Super easy honestly. The issue with too much humidity is mould. 
You want good air flow, but good air flow means most of your humidity will escape. Its the same issue you will come across for lizards as well so... 
A humidity gage will be your best friend. 
Better to be on the dry side with access to a humid hide then too moist and growing mouldy


----------



## Tree (Sep 29, 2013)

gotcha! 

I have all the works for this tank. I am so glad I kept everything with it after my little knots passed away. Though I might add more sticks for when I do get one.

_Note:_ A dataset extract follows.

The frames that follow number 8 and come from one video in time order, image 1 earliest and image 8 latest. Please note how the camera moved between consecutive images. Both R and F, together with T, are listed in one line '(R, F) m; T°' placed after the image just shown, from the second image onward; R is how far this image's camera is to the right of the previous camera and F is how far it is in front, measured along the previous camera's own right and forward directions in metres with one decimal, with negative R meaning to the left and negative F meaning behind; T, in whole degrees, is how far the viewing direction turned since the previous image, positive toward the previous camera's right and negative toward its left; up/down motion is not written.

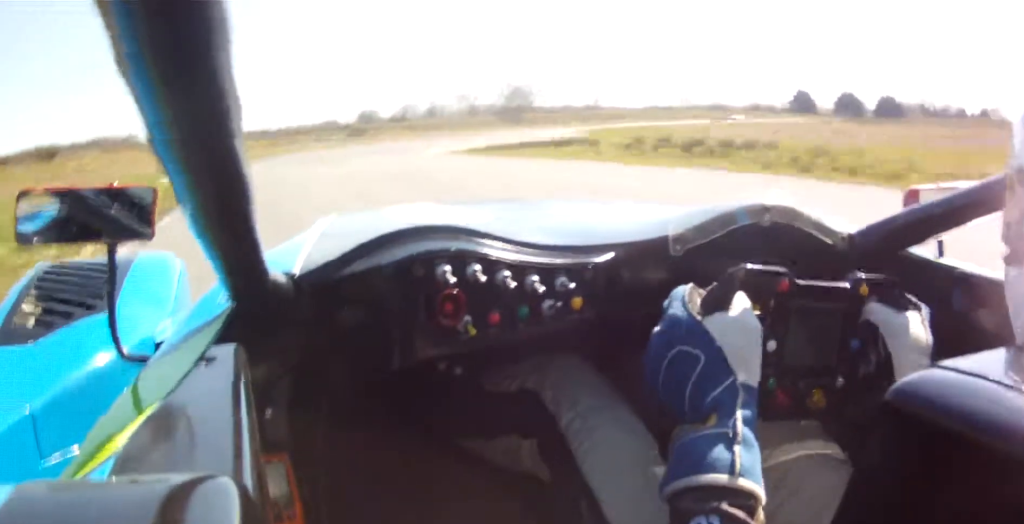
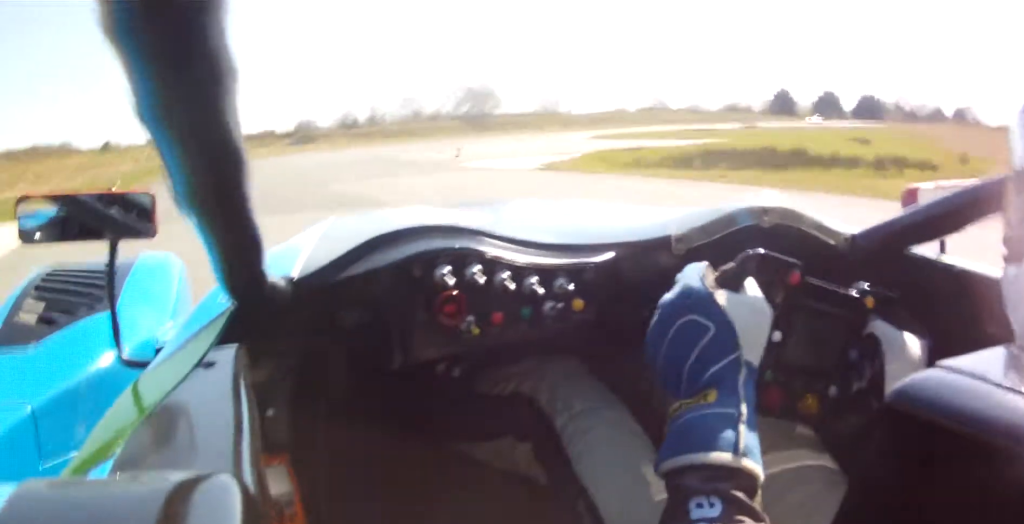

Would I need the hide hole for them or the water dish I have in there? I was reading that they get their water from the food and form the moisture in the tank so would a small water dish be necessary?


----------



## Watermelons (Jul 21, 2015)

Yes I would still add a water dish. a very shallow one, it might help your humidity a bit. Could also sprits the branches/plants with a water bottle.
You also want prey (crickets) you put in the tank to have access to food and water so they don't snack on the spider if it doesn't find them right away.


----------



## Tree (Sep 29, 2013)

ah good point. I will keep the dish in the tank. It's a shallow dish too.


----------



## Lyonfish (Mar 26, 2013)

Green anoles are pretty small and might enjoy a tank like that too.
In my experience tarantula species that you can get at a pet store don't climb much. That might just be the pet store keeping them in the wrong kind of set up though.


----------



## Revosok (Aug 11, 2015)

Grey Tree Frog?


----------



## Tree (Sep 29, 2013)

I would love a Tree Frog. =3 I would have to buy a mister for them though. would be so COOL! I will take my time in getting something in this tank. for now, it's empty.


----------